Spotify has just secured 1½ floors (37,000 sq ft) at 5One Central (51 Bras Basah Road). Suntec City is always in demand because there are so many facilities in the scheme and is benefiting from an upgrade. New tenants include Neste Singapore from Raffles City Tower, Horangi Cyber Security and Yonyou Singapore from Shaw Towers.


Demand: Movement on Orchard Road has been limited because of the high occupancy rate of most buildings. 111 Somerset has been active with new tenants including Softbank Robotics. Linksure Networks relocated here from The Heeren, purchasing a floor in the Devonshire Wing of the scheme. Singapore Power leased a whole floor (22,000 sq ft) at Haw Par Centre. EE Capital leased the penthouse floor of The Heeren.

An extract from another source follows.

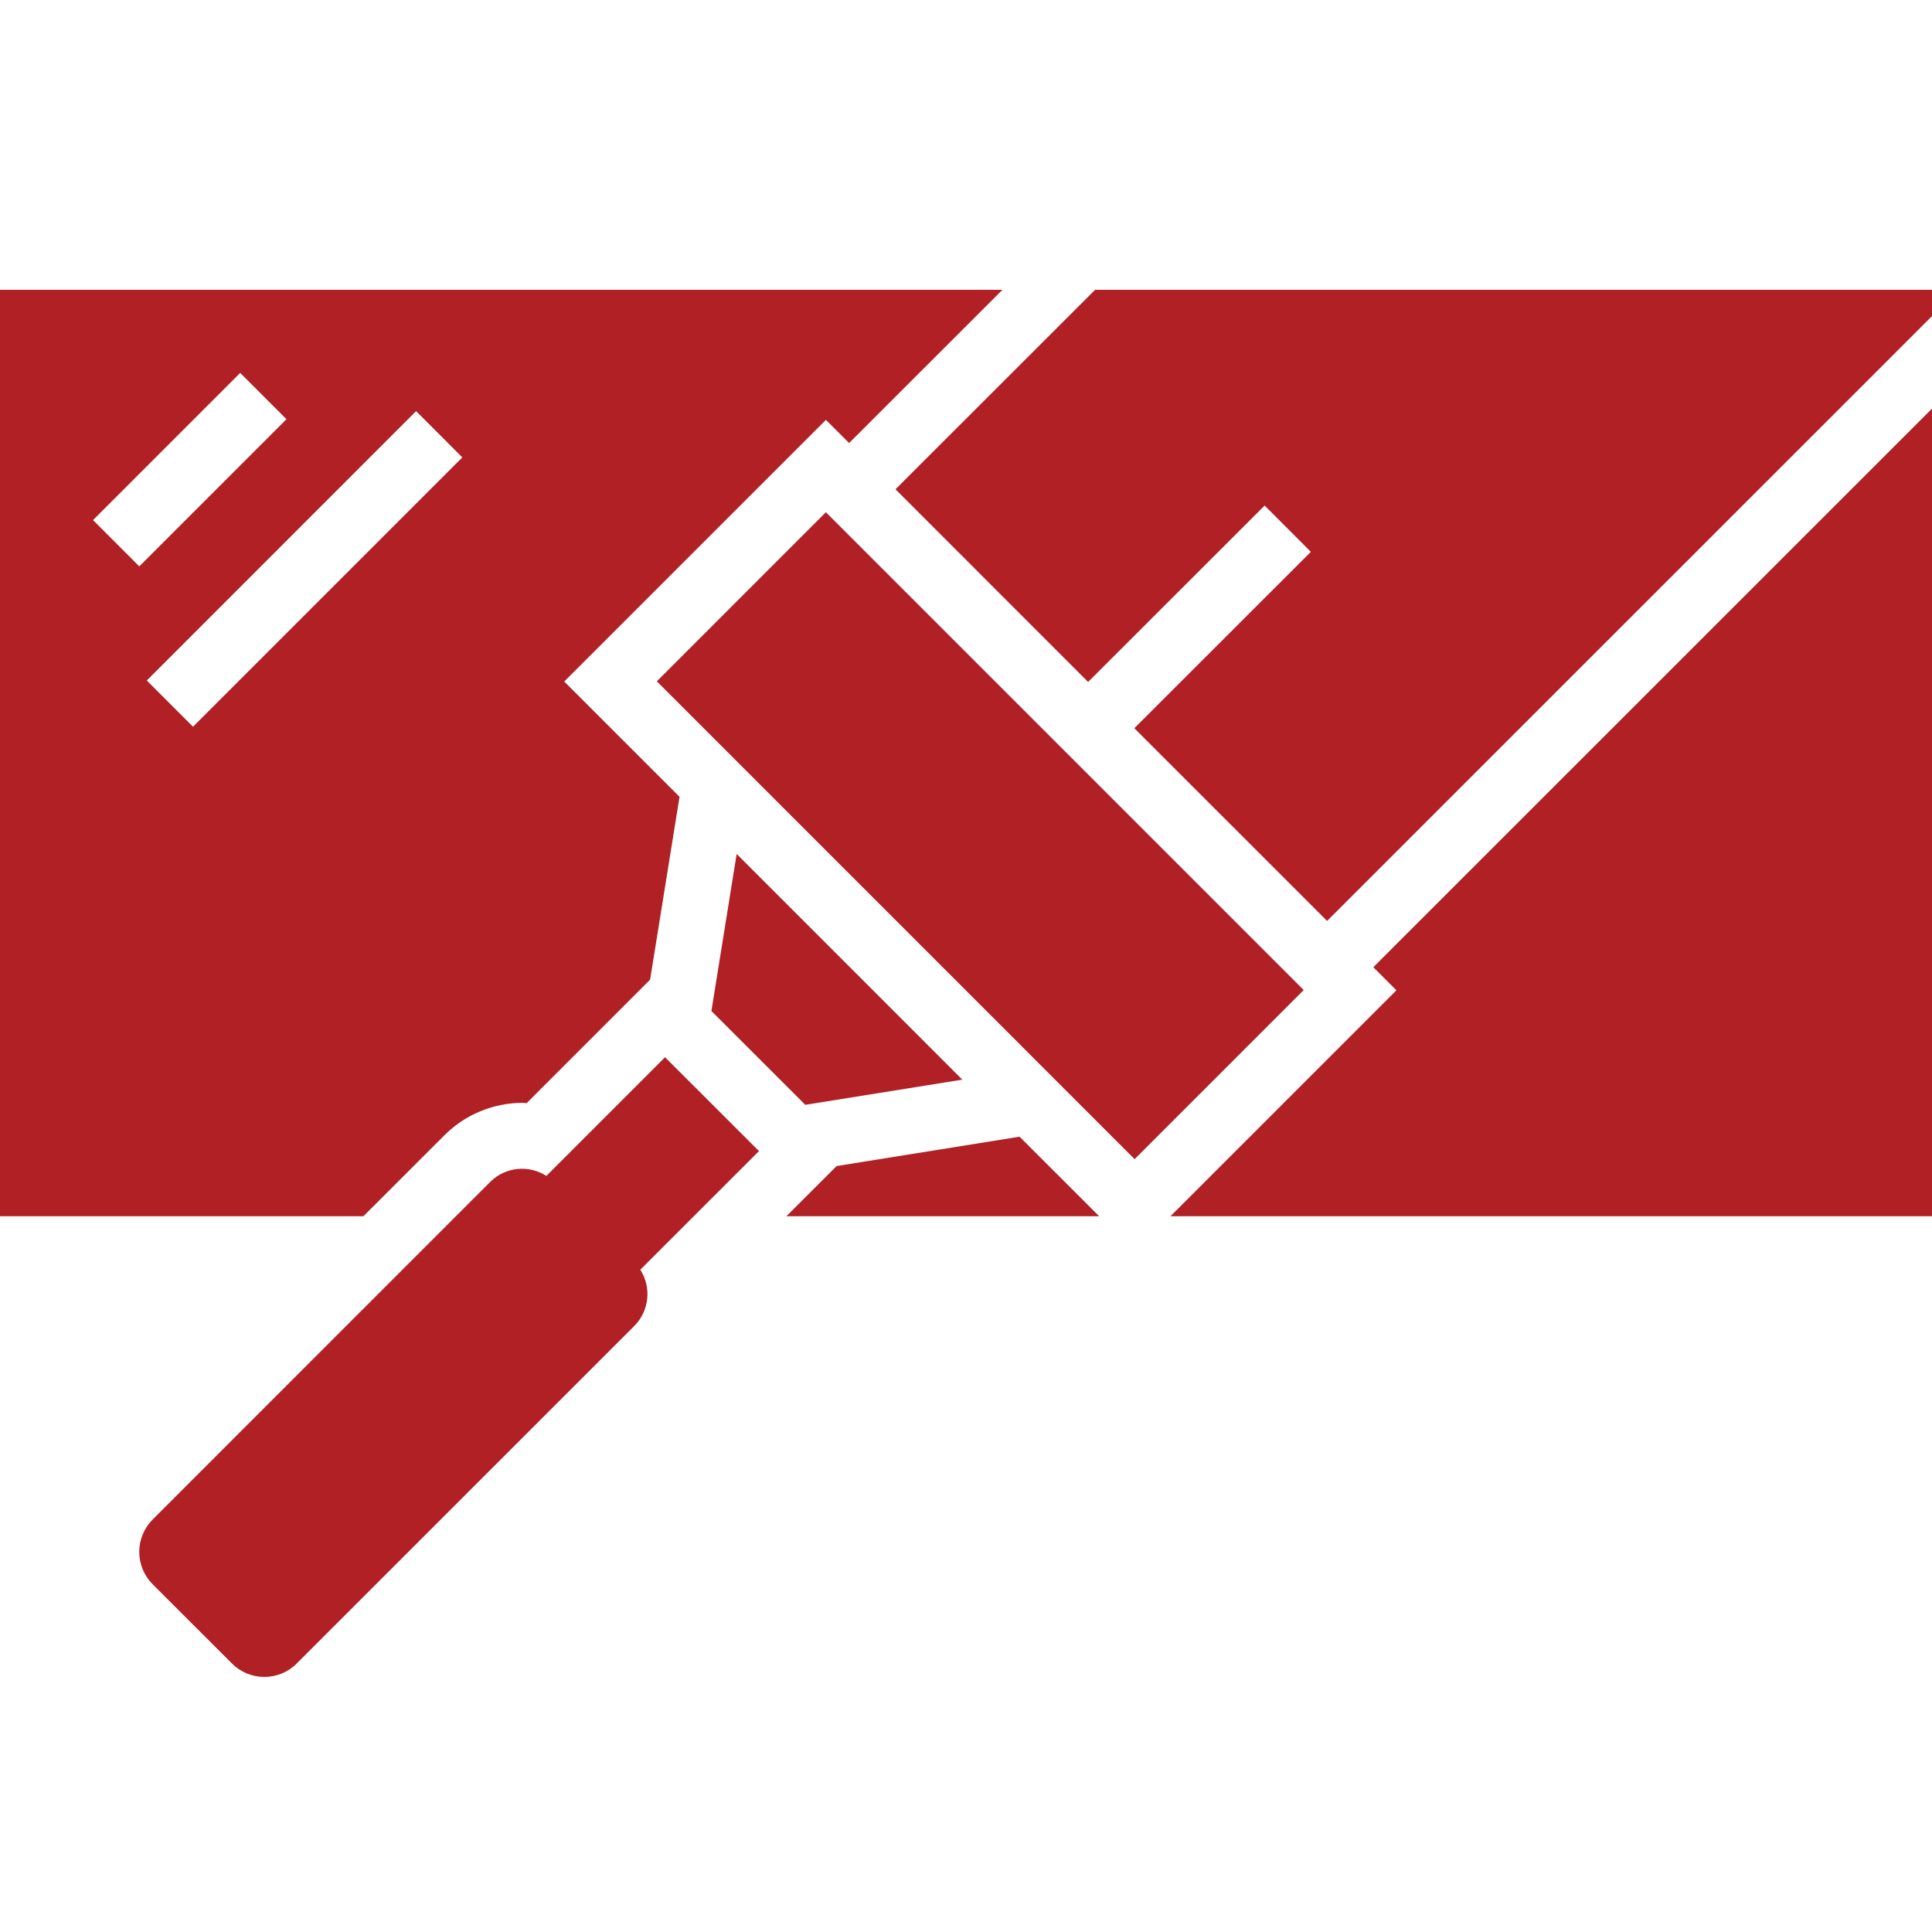 <svg xmlns="http://www.w3.org/2000/svg" width="40" height="40" viewBox="0 0 40 40" fill="none"><path d="M22.757 25.181L21.109 23.534L17.321 24.142L16.281 25.181H22.757ZM18.54 10.13L22.528 14.119L26.183 10.467L27.14 11.425L23.485 15.077L27.476 19.067L40.001 6.544V6H22.673L18.54 10.13ZM28.433 20.025L28.911 20.503L24.233 25.181H40.001V8.459L28.433 20.025Z" fill="#B02025"></path><path d="M17.1 8.693L17.58 9.173L20.755 6H0V25.181H7.524L9.199 23.507C9.412 23.293 9.665 23.123 9.944 23.008C10.223 22.892 10.522 22.833 10.824 22.833C10.85 22.833 10.875 22.84 10.902 22.841L13.46 20.282L14.069 16.497L11.682 14.11L17.1 8.693ZM1.926 10.768L4.973 7.721L5.931 8.679L2.884 11.726L1.926 10.768ZM3.996 15.046L3.039 14.089L8.615 8.512L9.572 9.47L3.996 15.046Z" fill="#B02025"></path><path d="M17.099 10.605L26.992 20.498L23.491 23.999L13.599 14.106L17.099 10.605ZM15.714 23.832L13.769 21.889L11.312 24.346C11.134 24.231 10.922 24.181 10.711 24.203C10.501 24.224 10.304 24.317 10.153 24.466L3.16 31.46C2.983 31.638 2.883 31.879 2.883 32.13C2.883 32.382 2.983 32.623 3.16 32.8L4.803 34.442C4.981 34.62 5.221 34.719 5.473 34.719C5.724 34.719 5.965 34.62 6.142 34.442L13.137 27.448C13.285 27.297 13.378 27.1 13.4 26.889C13.422 26.678 13.371 26.467 13.257 26.288L15.714 23.832ZM15.252 17.68L14.729 20.932L16.672 22.874L19.924 22.353L15.252 17.68Z" fill="#B02025"></path></svg>

Supply: 111 Somerset and Visioncrest Commercial still offer the largest unit sizes for lease. Shaw House and Goldbell Towers probably offer the best value for money. Wheelock Place remains the premium building in the location with Ngee Ann City, Wisma Atria and The Heeren having the widest choice of upper mid-range units.


Demand in this sector has been limited which is puzzling because these locations often offer the best value for money of all categories. UE Square secured a few large tenants namely Collins Aviation (from Suntec City) and TPG Capital (from UOB Plaza 1). The Thomson / Novena area has been popular and Great World City has seen reasonable activity. Supply – there is ample choice in most ‘edge of CBD’ districts.


Demand for office space in decentralized East has been focused in the Paya Lebar area, where the latest headline deal is Maersk Shipping leasing around 50,000 sq ft in Paya Lebar Quarter (relocating from Southpoint). The largest deals in decentralized West are Prudential Assurance leasing seven floors in UE BizHub West and Fuji Xerox leasing 60,000 sq ft in Mapletree Business City.

Supply: There is still ample choice of space in the Paya Lebar area including Paya Lebar Quarter, Singapore Post Centre and Paya Lebar Square. In the West there is still a good choice of space in PSA Building, UE BizHub West and Harbourfront Centre.